WORK TO COMPLETE
Go through the records below and copy out every line that contains the word "width".
+++ RECORD SET +++
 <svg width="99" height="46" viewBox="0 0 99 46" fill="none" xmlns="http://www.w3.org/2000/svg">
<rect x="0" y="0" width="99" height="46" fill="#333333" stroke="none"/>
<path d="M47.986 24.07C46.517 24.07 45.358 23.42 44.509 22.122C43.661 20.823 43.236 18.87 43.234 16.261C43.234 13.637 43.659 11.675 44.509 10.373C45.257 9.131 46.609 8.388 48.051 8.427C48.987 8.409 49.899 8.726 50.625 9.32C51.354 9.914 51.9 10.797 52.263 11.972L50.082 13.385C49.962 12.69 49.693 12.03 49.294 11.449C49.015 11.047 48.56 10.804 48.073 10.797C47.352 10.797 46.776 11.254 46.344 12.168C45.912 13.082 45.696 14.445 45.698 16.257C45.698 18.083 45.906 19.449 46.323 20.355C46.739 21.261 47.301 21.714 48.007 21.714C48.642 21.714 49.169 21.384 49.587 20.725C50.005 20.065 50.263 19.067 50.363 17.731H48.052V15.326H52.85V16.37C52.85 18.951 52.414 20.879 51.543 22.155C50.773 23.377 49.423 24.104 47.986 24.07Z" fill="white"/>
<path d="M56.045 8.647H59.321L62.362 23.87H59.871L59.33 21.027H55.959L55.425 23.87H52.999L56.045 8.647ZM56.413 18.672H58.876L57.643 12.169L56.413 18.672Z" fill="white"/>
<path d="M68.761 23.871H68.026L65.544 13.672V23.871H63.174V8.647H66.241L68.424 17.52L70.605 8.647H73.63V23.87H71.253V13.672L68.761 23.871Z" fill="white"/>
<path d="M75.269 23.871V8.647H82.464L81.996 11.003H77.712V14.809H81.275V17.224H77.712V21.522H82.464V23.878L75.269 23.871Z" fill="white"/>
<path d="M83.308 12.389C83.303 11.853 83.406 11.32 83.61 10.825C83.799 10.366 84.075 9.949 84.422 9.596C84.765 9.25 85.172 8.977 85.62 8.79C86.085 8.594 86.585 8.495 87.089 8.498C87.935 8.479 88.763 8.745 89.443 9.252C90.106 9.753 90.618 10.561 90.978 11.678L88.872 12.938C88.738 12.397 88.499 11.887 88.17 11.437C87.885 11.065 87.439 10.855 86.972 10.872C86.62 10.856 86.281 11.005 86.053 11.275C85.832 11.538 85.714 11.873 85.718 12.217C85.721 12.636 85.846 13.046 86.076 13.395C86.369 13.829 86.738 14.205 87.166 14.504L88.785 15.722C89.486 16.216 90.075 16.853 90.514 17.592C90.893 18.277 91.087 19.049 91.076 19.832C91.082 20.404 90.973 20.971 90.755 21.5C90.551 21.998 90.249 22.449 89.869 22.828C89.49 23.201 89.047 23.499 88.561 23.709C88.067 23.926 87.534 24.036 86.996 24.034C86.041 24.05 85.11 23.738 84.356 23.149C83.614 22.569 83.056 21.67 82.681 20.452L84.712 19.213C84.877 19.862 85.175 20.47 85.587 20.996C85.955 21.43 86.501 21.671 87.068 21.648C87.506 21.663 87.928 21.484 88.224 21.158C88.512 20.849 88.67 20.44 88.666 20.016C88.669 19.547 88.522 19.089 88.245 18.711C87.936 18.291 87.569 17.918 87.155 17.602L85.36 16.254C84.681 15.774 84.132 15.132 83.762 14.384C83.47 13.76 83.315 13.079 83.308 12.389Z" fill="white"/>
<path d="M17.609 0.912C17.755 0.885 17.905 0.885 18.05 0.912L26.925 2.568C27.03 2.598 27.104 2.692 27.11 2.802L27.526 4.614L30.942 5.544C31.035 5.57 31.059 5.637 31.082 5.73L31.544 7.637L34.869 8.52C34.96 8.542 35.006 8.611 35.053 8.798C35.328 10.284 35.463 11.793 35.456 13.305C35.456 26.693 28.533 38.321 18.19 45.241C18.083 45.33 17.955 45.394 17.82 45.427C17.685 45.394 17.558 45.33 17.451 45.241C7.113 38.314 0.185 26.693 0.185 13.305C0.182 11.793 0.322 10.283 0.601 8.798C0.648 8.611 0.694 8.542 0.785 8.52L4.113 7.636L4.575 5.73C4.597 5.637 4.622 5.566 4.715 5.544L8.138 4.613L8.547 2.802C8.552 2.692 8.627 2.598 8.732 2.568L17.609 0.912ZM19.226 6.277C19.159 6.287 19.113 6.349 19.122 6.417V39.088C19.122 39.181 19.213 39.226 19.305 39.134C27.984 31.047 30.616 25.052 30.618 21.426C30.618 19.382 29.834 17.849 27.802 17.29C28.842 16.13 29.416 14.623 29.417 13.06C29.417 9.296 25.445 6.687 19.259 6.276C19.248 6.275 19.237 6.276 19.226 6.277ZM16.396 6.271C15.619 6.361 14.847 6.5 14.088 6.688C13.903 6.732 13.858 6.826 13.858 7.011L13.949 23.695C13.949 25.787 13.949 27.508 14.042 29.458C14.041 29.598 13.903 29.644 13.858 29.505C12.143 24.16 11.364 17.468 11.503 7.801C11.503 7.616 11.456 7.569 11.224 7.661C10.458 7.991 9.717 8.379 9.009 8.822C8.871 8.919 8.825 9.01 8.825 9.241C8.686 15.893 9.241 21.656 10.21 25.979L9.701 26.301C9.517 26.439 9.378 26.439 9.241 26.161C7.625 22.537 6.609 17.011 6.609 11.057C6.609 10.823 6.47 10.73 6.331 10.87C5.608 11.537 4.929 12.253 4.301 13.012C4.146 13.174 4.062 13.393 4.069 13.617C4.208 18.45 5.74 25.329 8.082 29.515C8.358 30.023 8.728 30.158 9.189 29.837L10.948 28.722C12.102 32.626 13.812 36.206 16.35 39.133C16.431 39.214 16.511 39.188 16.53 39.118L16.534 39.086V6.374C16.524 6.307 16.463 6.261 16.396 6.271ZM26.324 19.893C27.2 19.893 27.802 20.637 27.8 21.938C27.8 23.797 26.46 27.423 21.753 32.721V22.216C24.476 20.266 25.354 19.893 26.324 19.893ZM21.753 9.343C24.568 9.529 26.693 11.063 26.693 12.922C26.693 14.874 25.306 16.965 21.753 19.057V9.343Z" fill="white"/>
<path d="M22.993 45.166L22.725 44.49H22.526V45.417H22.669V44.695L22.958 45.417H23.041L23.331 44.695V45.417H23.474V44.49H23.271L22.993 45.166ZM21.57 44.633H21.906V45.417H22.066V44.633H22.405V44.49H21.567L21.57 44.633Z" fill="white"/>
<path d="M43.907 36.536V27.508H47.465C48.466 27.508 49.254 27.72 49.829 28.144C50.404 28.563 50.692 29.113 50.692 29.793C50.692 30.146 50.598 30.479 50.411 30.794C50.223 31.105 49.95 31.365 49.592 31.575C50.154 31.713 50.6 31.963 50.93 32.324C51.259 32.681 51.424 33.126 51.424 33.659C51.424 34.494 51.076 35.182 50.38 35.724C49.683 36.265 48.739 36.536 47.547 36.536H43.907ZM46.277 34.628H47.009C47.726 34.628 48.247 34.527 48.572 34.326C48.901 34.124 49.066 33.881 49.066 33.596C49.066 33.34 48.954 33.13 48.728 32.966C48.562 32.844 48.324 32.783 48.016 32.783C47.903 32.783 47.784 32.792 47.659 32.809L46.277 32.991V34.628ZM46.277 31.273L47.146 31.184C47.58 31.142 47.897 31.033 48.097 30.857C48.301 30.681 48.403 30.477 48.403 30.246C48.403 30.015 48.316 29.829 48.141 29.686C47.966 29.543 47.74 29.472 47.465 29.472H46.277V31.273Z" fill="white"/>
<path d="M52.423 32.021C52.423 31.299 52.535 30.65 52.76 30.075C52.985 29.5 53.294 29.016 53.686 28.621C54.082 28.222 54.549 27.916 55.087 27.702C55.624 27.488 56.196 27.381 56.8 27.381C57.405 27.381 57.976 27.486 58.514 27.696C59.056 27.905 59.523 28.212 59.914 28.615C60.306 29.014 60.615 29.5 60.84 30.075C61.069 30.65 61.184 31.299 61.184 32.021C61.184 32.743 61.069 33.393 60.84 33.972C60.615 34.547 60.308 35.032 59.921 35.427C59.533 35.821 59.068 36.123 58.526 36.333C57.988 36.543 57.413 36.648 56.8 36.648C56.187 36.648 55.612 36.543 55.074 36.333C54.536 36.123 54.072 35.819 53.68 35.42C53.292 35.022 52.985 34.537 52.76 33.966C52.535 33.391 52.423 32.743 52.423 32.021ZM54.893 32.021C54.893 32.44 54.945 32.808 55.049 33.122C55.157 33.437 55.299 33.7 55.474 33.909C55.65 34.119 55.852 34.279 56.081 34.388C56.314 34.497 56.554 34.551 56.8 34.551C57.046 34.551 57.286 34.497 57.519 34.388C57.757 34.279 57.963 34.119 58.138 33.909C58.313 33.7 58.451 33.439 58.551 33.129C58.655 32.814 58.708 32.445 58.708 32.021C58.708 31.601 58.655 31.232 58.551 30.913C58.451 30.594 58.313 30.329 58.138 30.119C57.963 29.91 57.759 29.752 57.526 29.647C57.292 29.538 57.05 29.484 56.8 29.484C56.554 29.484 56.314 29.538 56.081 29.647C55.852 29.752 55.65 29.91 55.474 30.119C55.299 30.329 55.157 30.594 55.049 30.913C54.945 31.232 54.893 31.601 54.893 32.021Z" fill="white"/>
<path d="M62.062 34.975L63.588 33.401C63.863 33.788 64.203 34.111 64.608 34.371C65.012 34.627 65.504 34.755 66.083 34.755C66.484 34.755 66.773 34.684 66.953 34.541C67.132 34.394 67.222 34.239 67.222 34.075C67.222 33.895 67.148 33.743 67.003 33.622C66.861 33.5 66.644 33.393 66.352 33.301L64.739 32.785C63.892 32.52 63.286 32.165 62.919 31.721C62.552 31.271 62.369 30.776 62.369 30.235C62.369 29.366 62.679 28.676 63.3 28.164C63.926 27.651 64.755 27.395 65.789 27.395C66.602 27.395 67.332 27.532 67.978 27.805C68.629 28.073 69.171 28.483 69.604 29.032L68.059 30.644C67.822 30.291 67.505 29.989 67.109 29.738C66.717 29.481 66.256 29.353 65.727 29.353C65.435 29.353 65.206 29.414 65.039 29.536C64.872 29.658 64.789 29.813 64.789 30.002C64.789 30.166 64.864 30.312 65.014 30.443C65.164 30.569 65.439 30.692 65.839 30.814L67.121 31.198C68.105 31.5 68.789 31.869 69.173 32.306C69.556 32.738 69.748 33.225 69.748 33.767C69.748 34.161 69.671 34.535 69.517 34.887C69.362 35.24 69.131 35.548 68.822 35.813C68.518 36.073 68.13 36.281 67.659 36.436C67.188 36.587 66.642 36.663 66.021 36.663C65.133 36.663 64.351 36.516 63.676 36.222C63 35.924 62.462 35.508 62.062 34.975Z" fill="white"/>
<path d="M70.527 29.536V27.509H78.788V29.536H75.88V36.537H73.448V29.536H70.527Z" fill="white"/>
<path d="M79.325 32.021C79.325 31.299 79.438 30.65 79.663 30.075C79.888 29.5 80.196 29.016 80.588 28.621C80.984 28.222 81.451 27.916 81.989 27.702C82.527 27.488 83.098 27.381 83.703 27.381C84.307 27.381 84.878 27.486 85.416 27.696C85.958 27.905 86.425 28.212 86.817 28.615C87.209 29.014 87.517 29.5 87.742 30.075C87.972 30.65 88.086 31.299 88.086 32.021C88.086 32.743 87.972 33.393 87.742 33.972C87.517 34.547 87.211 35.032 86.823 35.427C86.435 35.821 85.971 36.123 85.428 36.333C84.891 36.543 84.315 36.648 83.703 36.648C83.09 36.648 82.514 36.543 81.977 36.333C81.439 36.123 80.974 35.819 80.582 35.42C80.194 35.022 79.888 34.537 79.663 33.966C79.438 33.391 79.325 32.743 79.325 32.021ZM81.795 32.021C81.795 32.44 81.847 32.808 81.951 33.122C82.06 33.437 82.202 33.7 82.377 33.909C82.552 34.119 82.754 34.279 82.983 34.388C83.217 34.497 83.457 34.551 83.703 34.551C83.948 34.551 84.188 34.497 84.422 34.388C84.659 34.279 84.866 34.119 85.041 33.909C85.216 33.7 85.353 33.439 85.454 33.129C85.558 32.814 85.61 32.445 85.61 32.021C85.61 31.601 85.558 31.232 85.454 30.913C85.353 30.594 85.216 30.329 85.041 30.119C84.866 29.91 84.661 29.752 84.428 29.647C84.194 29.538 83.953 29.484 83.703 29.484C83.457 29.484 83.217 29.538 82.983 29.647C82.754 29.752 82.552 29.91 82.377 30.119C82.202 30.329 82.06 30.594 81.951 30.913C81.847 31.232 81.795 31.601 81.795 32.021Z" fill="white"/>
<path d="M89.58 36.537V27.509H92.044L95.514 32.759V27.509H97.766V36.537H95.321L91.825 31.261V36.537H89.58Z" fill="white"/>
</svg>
+++
THE ANSWER
 <svg width="99" height="46" viewBox="0 0 99 46" fill="none" xmlns="http://www.w3.org/2000/svg">
<rect x="0" y="0" width="99" height="46" fill="#333333" stroke="none"/>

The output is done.